Lordstown is in Trumbull County, where the unemployment rate was 6.6 percent in March and many of those who work are eligible for public assistance. “Working people can get free cheese? The system is broken,” Green said.
Notwithstanding Trump’s entreaty two years ago that local workers stay put, Tyler Savin, a real estate agent, said the idling of the plant had added to his home listings and that many sellers would not get their asking prices as they leave Ohio for other GM locations.
Savin, 22, was among the customers last week at Tommy Dogg’s Bar and Grill in nearby Niles, the birthplace of both Ryan, the local favorite-son candidate, and William McKinley, a Republican president who was known for imposing tariffs on foreign goods.
Savin likes Sanders, Biden and former Rep. Beto O’Rourke of Texas, but will ultimately vote for whoever the Democratic nominee is, he said in a whisper lest pro-Trump patrons overhear.
“I think corporations should pay their taxes, like Amazon,” he said. But he said health care and support for abortion rights were more important to him.
Jeff Williams, 57, who manages a convenience store on the midnight shift, had heard about Amazon’s tax breaks on the radio. Last week, as he sat outside his home in Niles catching the first warm rays of the year, he also was doing some comparison.
He was treated for cancer, heart disease and two hernias last year but was not able to deduct his expenses, he said. Amazon, meantime, availed itself of a full suite of tax breaks. “Amazon doesn’t pay taxes, but I pay taxes,” Williams said.
Akron, about an hour west, is faring better economically.
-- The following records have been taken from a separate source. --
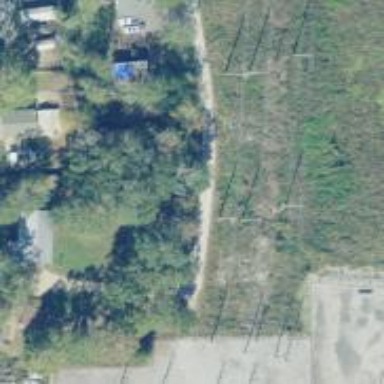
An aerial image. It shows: Power pole.
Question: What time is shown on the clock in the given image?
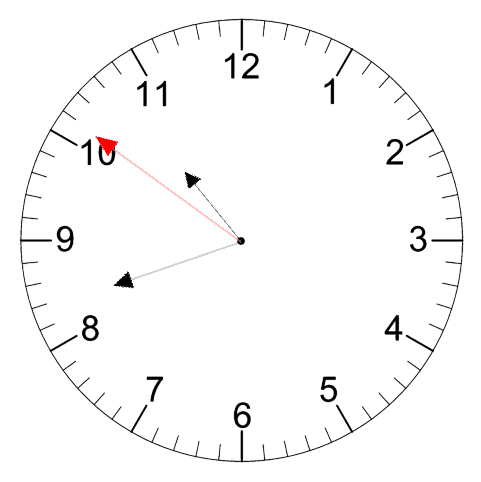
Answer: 10:41:51
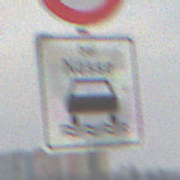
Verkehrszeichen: BeiNaesse
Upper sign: Geschwindigkeit120
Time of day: SunriseSunset
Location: Outdoor (Nature)
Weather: PartlyCloudy
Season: NotSpecified
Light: Natural

Mayor Daniel Horrigan will not confirm or deny it, but Amazon is believed to be the company he has recruited to move into Akron’s Rolling Acres Mall, a once-thriving shopping center that closed in 2008, becoming a symbol of both the recession and the retail disruption caused by online shopping.
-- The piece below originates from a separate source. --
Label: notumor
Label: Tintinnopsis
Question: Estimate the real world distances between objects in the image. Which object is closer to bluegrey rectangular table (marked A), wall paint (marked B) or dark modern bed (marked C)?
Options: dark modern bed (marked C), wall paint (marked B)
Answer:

Amazon would not comment on whether it planned to open a facility there.
Horrigan has been working to invigorate the economy of Akron, historically known as the Rubber City for its role in tire manufacturing. The tire jobs have mostly moved elsewhere.
Goodyear, which made the list of 60 by paying no federal corporate income taxes, employs 64,000 people worldwide, but only 3,000 of them remain in Akron, mostly in the company’s headquarters. A spokesman said the company’s 2018 tax situation stemmed from “historical losses in U.S. operations.”
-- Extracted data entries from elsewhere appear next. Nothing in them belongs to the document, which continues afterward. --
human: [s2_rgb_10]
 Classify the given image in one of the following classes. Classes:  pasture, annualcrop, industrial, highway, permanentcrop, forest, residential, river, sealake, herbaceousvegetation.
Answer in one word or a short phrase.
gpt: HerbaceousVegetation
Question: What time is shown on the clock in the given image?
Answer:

The Democratic Socialists have close to 100 members in Akron, many of them supporters of Sanders. Those attending last week’s meeting ranged from a stay-at-home mother who said she had not been able to pay her water bill for a year to a college professor, David Pereplyotchik.
Pereplyotchik, 37, said he believed the group should come up with a viable alternative to the corporate tax and wage system in the United States.
“If we’re fighting for something, what version of the thing are we fighting for?” asked Pereplyotchik, who teaches philosophy. “It seems like if you just make them pay employees more, they’re just not going to hire employees.”
Robertson, the carpet cleaner, has his own idea: nationalizing the companies. “I think forcing them to pay higher alone is inefficient,” he said, “and taxation alone is inefficient.”